In 2016, there were 14 million web payments worth a total 132 billion naira ($420 million). Transactions jumped to 29 million worth 185 billion in 2017 and in the very first quarter of 2018 there were almost 10 million worth 61 billion.
With a young population of nearly 190 million, increasing cellphone use and falling information expenses, Nigeria has long been seen as a terrific chance for online organizations - once consumers feel comfy with electronic payments.
Online betting companies say that is taking place, though reaching the 10s of countless Nigerians without access to banking services stays a difficulty for pure online merchants.
British online sports betting company Betway opened its first African organization in Kenya in 2015, followed by Uganda, Ghana and South Africa. It launched in Nigeria in January.
"There is a gradual shift to online now, that is where the market is going," Betway's Nigeria supervisor Lere Awokoya said.
"The development in the variety of fintechs, and the government as an enabler, has assisted the organization to flourish. These technological shifts encouraged Betway to start operating in Nigeria," he stated.
FINTECH COMPETITION
sports betting companies cashing in on the soccer craze worked up by Nigeria's involvement worldwide Cup say they are finding the payment systems created by regional startups such as Paystack are proving popular online.
Paystack and another local start-up Flutterwave, both established in 2016, are providing competition for Nigeria's Interswitch which was set up in 2002 and was the primary platform utilized by businesses operating in Nigeria.
"We included Paystack as one of our payment options without any excitement, without revealing to our clients, and within a month it shot up to the top most pre-owned payment option on the website," said Akin Alabi, founder of NairabBET.
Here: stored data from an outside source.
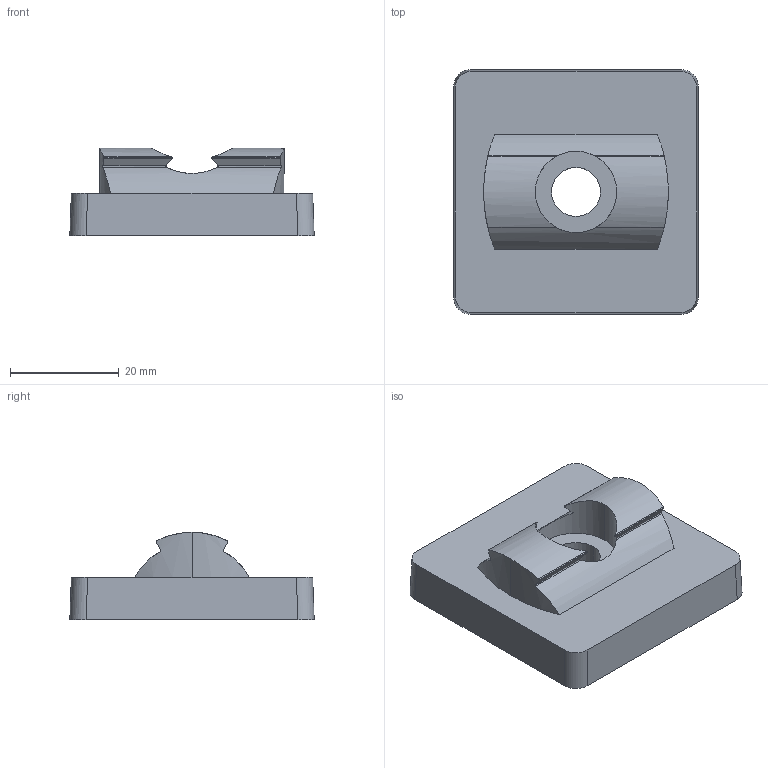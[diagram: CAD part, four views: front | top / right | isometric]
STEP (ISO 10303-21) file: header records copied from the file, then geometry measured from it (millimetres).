
FILE_DESCRIPTION (( 'STEP AP214' ), '1' );
FILE_NAME ('6951059', '2019-02-04T08:17:05', ( '' ), ('JUGARD+KÜNSTNER GmbH'), 'SwSTEP 2.0', 'SolidWorks 2017', '' );
FILE_SCHEMA (( 'AUTOMOTIVE_DESIGN' ));
Length unit declared in the file: millimetre
Products named in the file (1): 6951059_CNAJF00
Bounding box: 45 x 45 x 16.11 mm (x, y, z)
Volume: 17752.2 mm3; surface area: 6249.2 mm2
Topology: 1 solids, 1 shells, 38 faces, 105 edges, 70 vertices
Faces by surface type: cylinder 27, plane 11
Entity records: 1841 total; most frequent: CARTESIAN_POINT 523, ORIENTED_EDGE 210, DIRECTION 139, EDGE_CURVE 105, VERTEX_POINT 70, AXIS2_PLACEMENT_3D 48, VECTOR 43, LINE 43

He stated NairaBET, the country's second most significant wagering firm, now had 2 million regular consumers on its site, up from 500,000 in 2013, and Paystack remained the most popular payment option since it was added in late 2017.

Paystack was established by two Nigerian computer technology graduates, Shola Akinlade and Ezra Olubi, who received early stage funding in Silicon Valley's Y-Combinator programme.
In December 2016, it raised $1.3 million from financiers including China's Tencent and Comcast Ventures in the United States.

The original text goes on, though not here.